A esta última pergunta podemos talvez responder com mais precisão, pois
o projeto de resposta à carta de Vera Zasulich[1]assim nos mostra:
"[Remontando ao passado mais distante], encontramos em toda a Europa
Ocidental que a propriedade comunal, mais ou menos arcaica, desapareceu
com o progresso social. Por que deveria a Rússia escapar ao mesmo destino?
Respondo: Porque na Rússia, graças a uma combinação única de
circunstâncias, a comuna rural[mir], que ainda existe em escala
nacional, pode libertar-se gradualmente de seus traços primitivos e
desenvolver-se diretamente como elemento da produção coletiva em escala
nacional. Justamente por ser contemporânea da produção capitalista, pode
apropriar-se de todas as conquistas positivas desta sem passar por todas
as suas terríveis vicissitudes.
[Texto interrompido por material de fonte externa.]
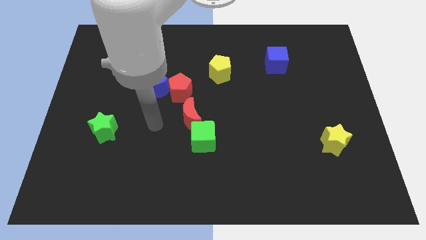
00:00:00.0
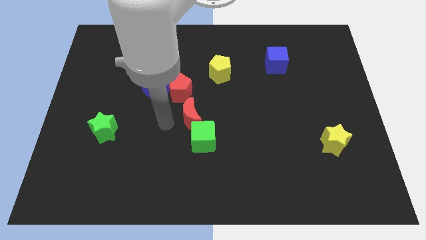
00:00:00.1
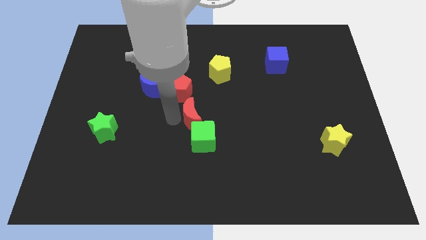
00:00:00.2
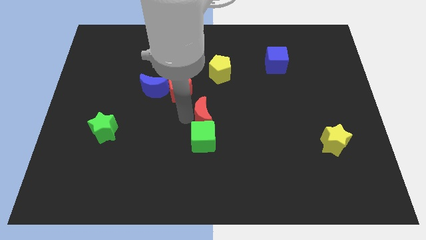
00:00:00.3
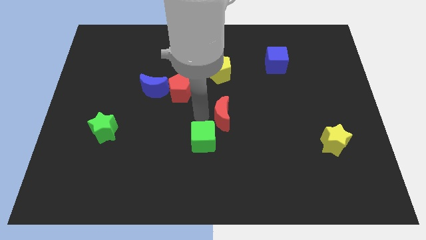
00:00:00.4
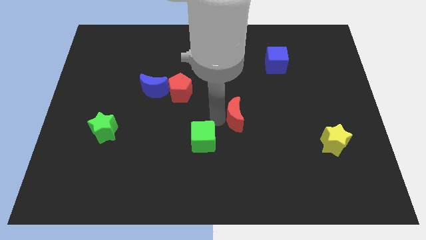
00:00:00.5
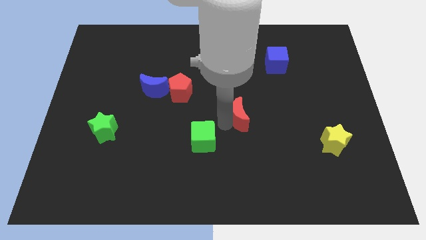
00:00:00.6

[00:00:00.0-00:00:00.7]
move the green cube away from the red moon

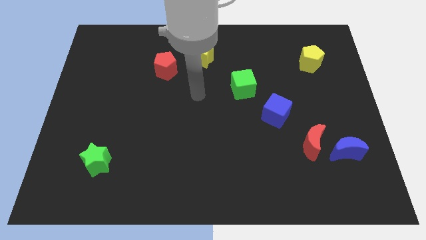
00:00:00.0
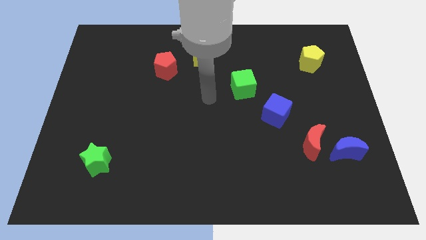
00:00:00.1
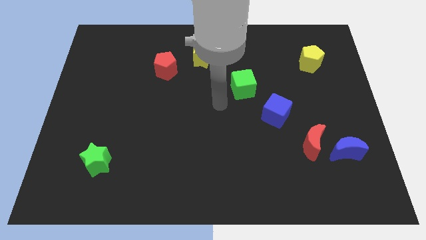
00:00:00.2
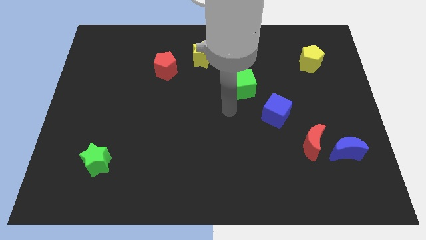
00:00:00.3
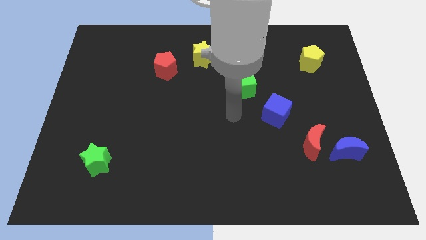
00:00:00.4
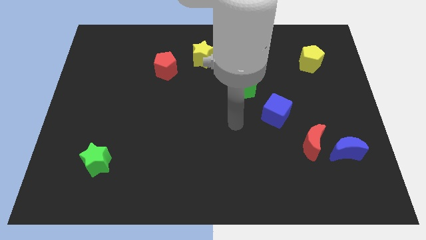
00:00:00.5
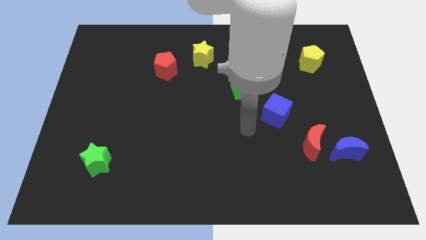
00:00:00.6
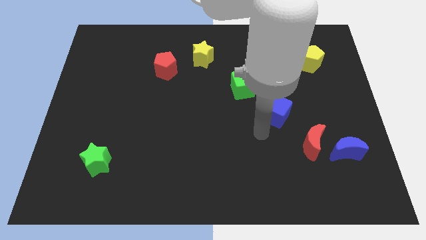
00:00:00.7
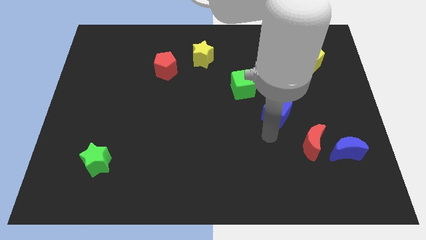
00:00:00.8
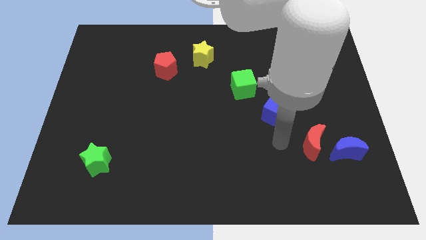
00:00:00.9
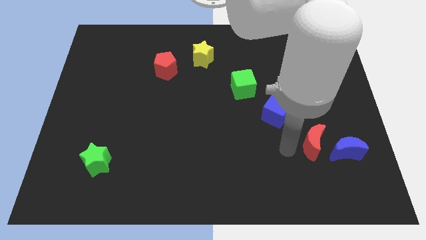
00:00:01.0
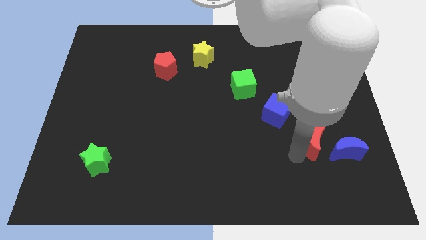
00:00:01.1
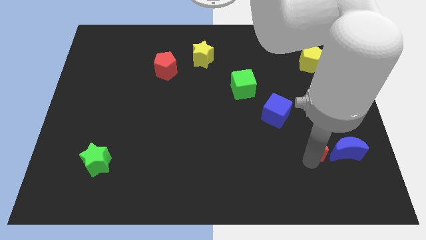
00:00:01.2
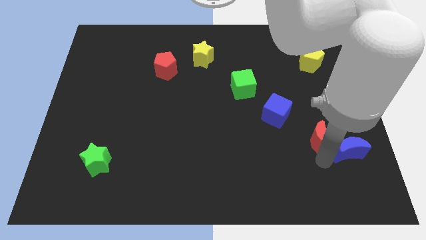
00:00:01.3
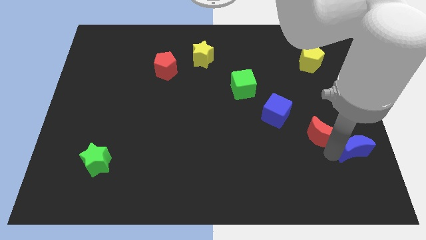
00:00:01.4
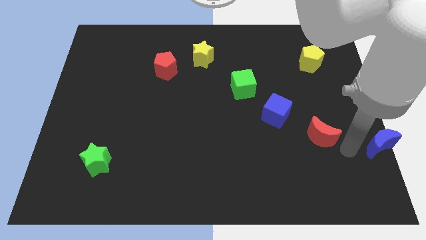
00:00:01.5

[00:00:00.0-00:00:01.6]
pull the red moon apart from the blue moon

A Rússia não vive isolada do mundo
moderno; tampouco é presa de algum conquistador estrangeiro, como ocorre
com as Índias Orientais.
Se os adeptos russos do sistema capitalista negassem a possibilidade
teórica de tal evolução, eu lhes perguntaria: a Rússia teve que passar,
como o Ocidente, por um longo período de incubação da indústria mecânica
para empregar máquinas, navios a vapor, ferrovias etc.? (...) Se no
momento da emancipação as comunidades rurais tivessem se encontrado em
condições normais de prosperidade, (...) ninguém hoje pensaria na
'fatalidade histórica' do aniquilamento da comuna: todos reconheceriam
nela o elemento de regeneração da sociedade russa e um fator de
superioridade em relação aos países ainda submetidos ao regime capitalista.
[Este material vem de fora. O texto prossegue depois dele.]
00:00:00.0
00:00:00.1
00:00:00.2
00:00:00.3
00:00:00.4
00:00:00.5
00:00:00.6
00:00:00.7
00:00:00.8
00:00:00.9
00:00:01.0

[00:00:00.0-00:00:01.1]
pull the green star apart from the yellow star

Outra circunstância favorável à preservação (por meio do
desenvolvimento) da comuna russa consiste em que ela não é apenas
contemporânea da produção capitalista, mas sobreviveu à época em que
esse sistema social ainda era intacto; agora, ao contrário, tanto na
Europa Ocidental quanto nos Estados Unidos, ela encontra um capitalismo
em crise, em luta contra a ciência, contra as massas populares e contra
as próprias forças produtivas que gera. Em uma palavra: ela se depara
com um capitalismo em crise que só terminará com a sua eliminação, com o
retorno das sociedades modernas ao tipo 'arcaico' de propriedade comum
ou, como diz um autor americano[L. Morgan], livre de qualquer suspeita
de tendências revolucionárias e apoiado em suas pesquisas pelo governo
de Washington: 'o novo sistema' para o qual a sociedade moderna tende
'será um renascimento (a revival), em uma forma superior (in a superior
form), de um tipo social arcaico'[[2]]. Portanto, não é preciso temer
muito a palavra 'arcaico'."
Certamente Mao, os focos de Guevara, o vasto campesinato russo de 1917
ou o Viet Cong aplaudiriam essa resposta.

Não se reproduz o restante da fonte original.